The Great Wall of China Marathon isn’t so named to evoke timeless visions of one of man’s greatest feat of engineering. Almost a quarter of the 42.195km is run along the wall, where the competitor has to navigate over 5,200 steps. Luckily, living on the thirty-first floor means I have a healthy selection of steps at my disposal. These steps have proved a welcome distraction from visiting the gym again after my little mishap. Up until recently, running, stumbling and dragging myself up and down these thirty-one floors have been a care-free almost enjoyable experience. I rarely look ahead of me when mounting the steps, but on this one occasion, as I hop-scotched over a stream of trickling water I unconsciously looked ahead to see where this was coming from.
Seeing the naked bootie of an elderly lady in mid-flow urination was the last thing I expected to confront my eyes. As we passed on the stairway, neither one of us acknowledged the awkwardness of the situation. I have a strange feeling from her calm composure, distant stare and squatting stance, this wasn’t the first time she’d been caught short in the stairways. Why she would need to go there instead of the toilet in her apartment is beyond me.
On the teaching front it’s been pretty quiet on the charging, attacking parents front. Student mispronunciations and double innuendoes has certainly been on the increase though. Here are just a few of my favourites;
1. Peanuts, pronounced ‘penis’ and then used in the sentence, "I like penis." Each to their own!
2. Fork, pronounced ‘f*ck’ and used in the sentence, "Can I have a f*ck please." I politely glazed over this request.
3. Beach, pronounced ’bitch’ and used in the sentence, "I like playing on the bitch." Again, each to their own.
In another class, I was happily teaching the different prepositions of ‘on, in, under, above, etc.’ Upon understanding their meanings and being given the chance to create their own sentences, it wasn’t long before "the teacher is in…………………….," and "the teacher is on……………..,"innuendoes were running thick and fast. I’m not sure if the children realised the full extent of their innocently prepared sentences, but for the parents it took a good two minutes for the giggling to stop.
I think more or less every place I’ve lived, I’ve either had my sexuality questioned or more worryingly, my gender. In China it’s been no different. I’m just surprised it’s taken so long. During one class, one child raised their hand and upon acknowledging they had a query, they politely asked, "teacher, do you like boys or girls." As this question had little to do with the supermarket foods I was teaching, you can imagine my shock. After getting rather defensive, shouting the word ‘women,’ and pulling a photo of my wife out of my wallet to prove the point, my assistant decided it was now an appropriate time to explain the nature of his question. The student was just worried I was asking the girl students more questions than the boys.
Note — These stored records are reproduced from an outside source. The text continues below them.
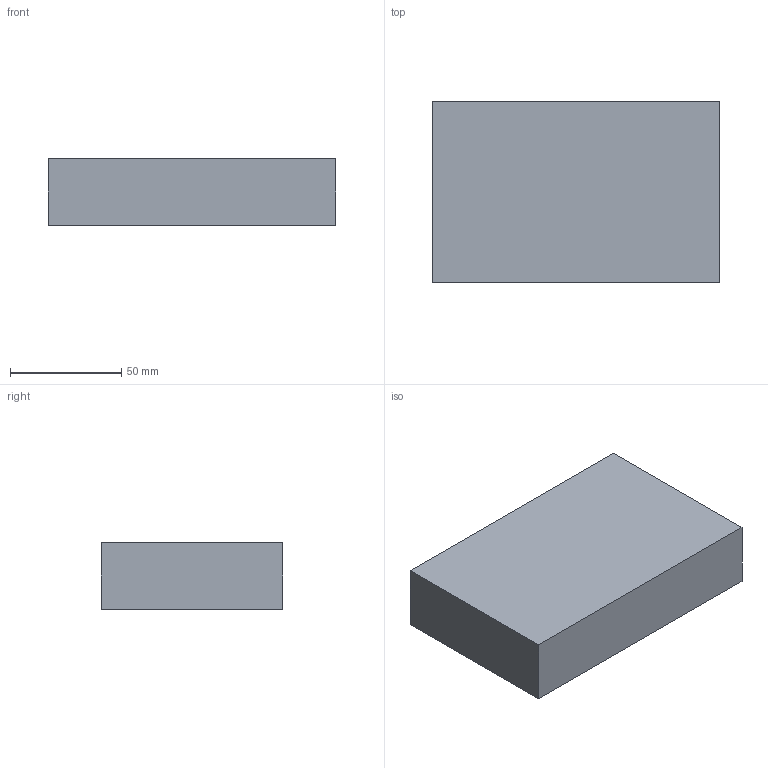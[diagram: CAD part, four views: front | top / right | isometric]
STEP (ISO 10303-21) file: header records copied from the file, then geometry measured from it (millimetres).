
FILE_DESCRIPTION (( 'STEP AP203' ), '1' );
FILE_NAME ('Junus_Default_sldprt.STEP', '2022-09-02T14:24:14', ( '' ), ( '' ), 'SwSTEP 2.0', 'SolidWorks 2021', '' );
FILE_SCHEMA (( 'CONFIG_CONTROL_DESIGN' ));
Length unit declared in the file: millimetre
Products named in the file (1): Junus_Default_sldprt
Bounding box: 129.5 x 81.79 x 29.72 mm (x, y, z)
Volume: 314788.4 mm3; surface area: 33742.7 mm2
Topology: 1 solids, 1 shells, 6 faces, 12 edges, 8 vertices
Faces by surface type: plane 6
Entity records: 233 total; most frequent: CARTESIAN_POINT 27, DIRECTION 26, ORIENTED_EDGE 24, EDGE_CURVE 12, VECTOR 12, LINE 12, PERSON_AND_ORGANIZATION 8, VERTEX_POINT 8
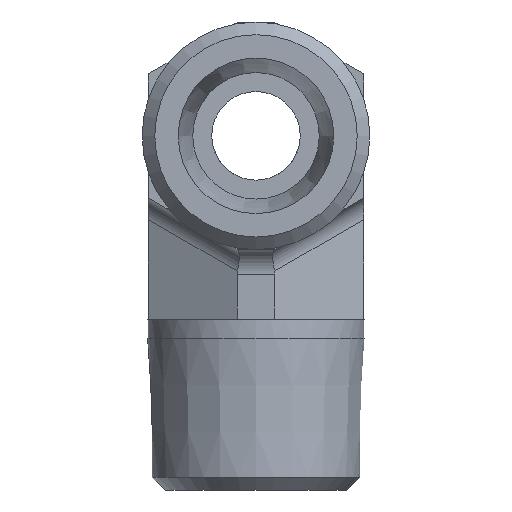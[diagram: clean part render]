
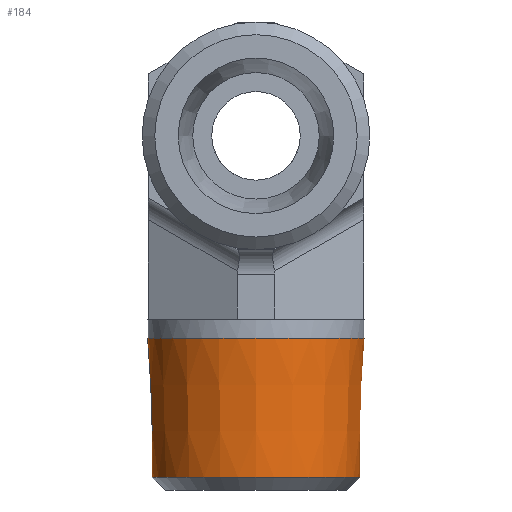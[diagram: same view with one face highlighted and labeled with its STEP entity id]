
A CAD part, front view. The second image highlights one B-rep face of the part: STEP entity #184.
In plain terms, the highlighted conical face has half-angle 1.791 degrees and reference radius 8.378 mm.
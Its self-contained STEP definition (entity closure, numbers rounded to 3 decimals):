
#150=CARTESIAN_POINT('',(-19.185,1.322,-12.5));
#151=VERTEX_POINT('',#150);
#152=CARTESIAN_POINT('',(-19.185,9.544,-12.5));
#153=DIRECTION('',(0.0,0.0,-1.0));
#154=DIRECTION('',(0.0,1.0,0.0));
#155=AXIS2_PLACEMENT_3D('',#152,#153,#154);
#156=CIRCLE('',#155,8.222);
#157=EDGE_CURVE('',#151,#151,#156,.T.);
#165=CARTESIAN_POINT('',(-19.185,9.544,-7.5));
#166=DIRECTION('',(0.0,0.0,1.0));
#167=DIRECTION('',(0.0,-1.0,0.0));
#168=AXIS2_PLACEMENT_3D('',#165,#166,#167);
#169=CONICAL_SURFACE('',#168,8.378,1.791);
#170=CARTESIAN_POINT('',(-19.185,0.978,-1.5));
#171=VERTEX_POINT('',#170);
#172=CARTESIAN_POINT('',(-19.185,9.544,-1.5));
#173=DIRECTION('',(0.0,0.0,1.0));
#174=DIRECTION('',(0.0,-1.0,0.0));
#175=AXIS2_PLACEMENT_3D('',#172,#173,#174);
#176=CIRCLE('',#175,8.565);
#177=EDGE_CURVE('',#171,#171,#176,.T.);
#178=ORIENTED_EDGE('',*,*,#177,.F.);
#179=EDGE_LOOP('',(#178));
#180=FACE_OUTER_BOUND('',#179,.T.);
#181=ORIENTED_EDGE('',*,*,#157,.F.);
#182=EDGE_LOOP('',(#181));
#183=FACE_BOUND('',#182,.T.);
#184=ADVANCED_FACE('',(#180,#183),#169,.T.);

I immediately regretted my heavy-handed initial response to his question.
Karaoke is a favourite past time for many a Chinese inhabitant. I haven’t sang karaoke in public since starting a bar brawl with my not so angelic voice in the northern regions of Kentucky some four years previous. It was about time to put these ghosts to rest. Karaoke bars in China aren’t exactly the same as other karaoke places I’ve frequented in the past. These places contain numerous private rooms, where the only people you sing to are the friends you arrived with. For those without friends or those who would like some extra vocal female support, young beauties are available for a cost to sing and dance with you. I’d read that other ‘specials’ are also on offer, but thankfully no evidence of this presented itself.